<<<<

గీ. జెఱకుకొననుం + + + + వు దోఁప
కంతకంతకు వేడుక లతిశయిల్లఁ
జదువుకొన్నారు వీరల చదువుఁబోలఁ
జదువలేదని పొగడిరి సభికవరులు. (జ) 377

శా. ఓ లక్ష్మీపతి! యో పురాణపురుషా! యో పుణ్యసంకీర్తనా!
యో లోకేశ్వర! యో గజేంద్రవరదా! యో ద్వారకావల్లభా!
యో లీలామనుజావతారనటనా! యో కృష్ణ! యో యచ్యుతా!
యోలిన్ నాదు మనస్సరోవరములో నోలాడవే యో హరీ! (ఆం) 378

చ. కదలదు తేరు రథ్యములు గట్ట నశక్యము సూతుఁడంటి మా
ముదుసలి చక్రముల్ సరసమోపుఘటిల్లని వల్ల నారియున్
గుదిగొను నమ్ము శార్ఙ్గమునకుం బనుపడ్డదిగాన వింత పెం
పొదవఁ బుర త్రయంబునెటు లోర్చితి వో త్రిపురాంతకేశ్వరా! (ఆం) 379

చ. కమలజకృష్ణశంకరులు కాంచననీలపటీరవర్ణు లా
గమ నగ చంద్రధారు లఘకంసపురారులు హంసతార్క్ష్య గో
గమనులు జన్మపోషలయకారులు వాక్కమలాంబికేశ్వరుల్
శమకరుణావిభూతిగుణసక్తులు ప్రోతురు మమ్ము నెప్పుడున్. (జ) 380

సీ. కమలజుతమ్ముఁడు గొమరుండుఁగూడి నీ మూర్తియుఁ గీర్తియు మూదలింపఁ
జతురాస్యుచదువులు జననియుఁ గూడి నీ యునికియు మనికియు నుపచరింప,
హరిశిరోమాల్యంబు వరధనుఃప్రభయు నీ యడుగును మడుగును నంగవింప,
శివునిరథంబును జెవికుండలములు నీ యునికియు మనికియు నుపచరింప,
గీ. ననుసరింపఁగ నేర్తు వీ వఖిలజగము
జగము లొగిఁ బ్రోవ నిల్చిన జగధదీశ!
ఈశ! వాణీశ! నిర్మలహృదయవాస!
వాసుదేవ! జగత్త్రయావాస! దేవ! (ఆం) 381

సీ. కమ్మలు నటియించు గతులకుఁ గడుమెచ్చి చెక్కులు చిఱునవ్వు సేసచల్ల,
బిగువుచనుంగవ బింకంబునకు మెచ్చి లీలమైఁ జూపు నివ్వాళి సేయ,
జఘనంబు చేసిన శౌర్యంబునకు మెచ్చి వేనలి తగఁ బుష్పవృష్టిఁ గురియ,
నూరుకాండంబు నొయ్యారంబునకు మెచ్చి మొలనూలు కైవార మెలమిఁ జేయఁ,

>>>>

▶ **WHAT TO DO**:
Repeat the material above in full. Change no word.

▶ **COMPLETED TASK**:
గీ. జెఱకుకొననుం + + + + వు దోఁప
కంతకంతకు వేడుక లతిశయిల్లఁ
జదువుకొన్నారు వీరల చదువుఁబోలఁ
జదువలేదని పొగడిరి సభికవరులు. (జ) 377

శా. ఓ లక్ష్మీపతి! యో పురాణపురుషా! యో పుణ్యసంకీర్తనా!
యో లోకేశ్వర! యో గజేంద్రవరదా! యో ద్వారకావల్లభా!
యో లీలామనుజావతారనటనా! యో కృష్ణ! యో యచ్యుతా!
యోలిన్ నాదు మనస్సరోవరములో నోలాడవే యో హరీ! (ఆం) 378

చ. కదలదు తేరు రథ్యములు గట్ట నశక్యము సూతుఁడంటి మా
ముదుసలి చక్రముల్ సరసమోపుఘటిల్లని వల్ల నారియున్
గుదిగొను నమ్ము శార్ఙ్గమునకుం బనుపడ్డదిగాన వింత పెం
పొదవఁ బుర త్రయంబునెటు లోర్చితి వో త్రిపురాంతకేశ్వరా! (ఆం) 379

చ. కమలజకృష్ణశంకరులు కాంచననీలపటీరవర్ణు లా
గమ నగ చంద్రధారు లఘకంసపురారులు హంసతార్క్ష్య గో
గమనులు జన్మపోషలయకారులు వాక్కమలాంబికేశ్వరుల్
శమకరుణావిభూతిగుణసక్తులు ప్రోతురు మమ్ము నెప్పుడున్. (జ) 380

సీ. కమలజుతమ్ముఁడు గొమరుండుఁగూడి నీ మూర్తియుఁ గీర్తియు మూదలింపఁ
జతురాస్యుచదువులు జననియుఁ గూడి నీ యునికియు మనికియు నుపచరింప,
హరిశిరోమాల్యంబు వరధనుఃప్రభయు నీ యడుగును మడుగును నంగవింప,
శివునిరథంబును జెవికుండలములు నీ యునికియు మనికియు నుపచరింప,
గీ. ననుసరింపఁగ నేర్తు వీ వఖిలజగము
జగము లొగిఁ బ్రోవ నిల్చిన జగధదీశ!
ఈశ! వాణీశ! నిర్మలహృదయవాస!
వాసుదేవ! జగత్త్రయావాస! దేవ! (ఆం) 381

సీ. కమ్మలు నటియించు గతులకుఁ గడుమెచ్చి చెక్కులు చిఱునవ్వు సేసచల్ల,
బిగువుచనుంగవ బింకంబునకు మెచ్చి లీలమైఁ జూపు నివ్వాళి సేయ,
జఘనంబు చేసిన శౌర్యంబునకు మెచ్చి వేనలి తగఁ బుష్పవృష్టిఁ గురియ,
నూరుకాండంబు నొయ్యారంబునకు మెచ్చి మొలనూలు కైవార మెలమిఁ జేయఁ,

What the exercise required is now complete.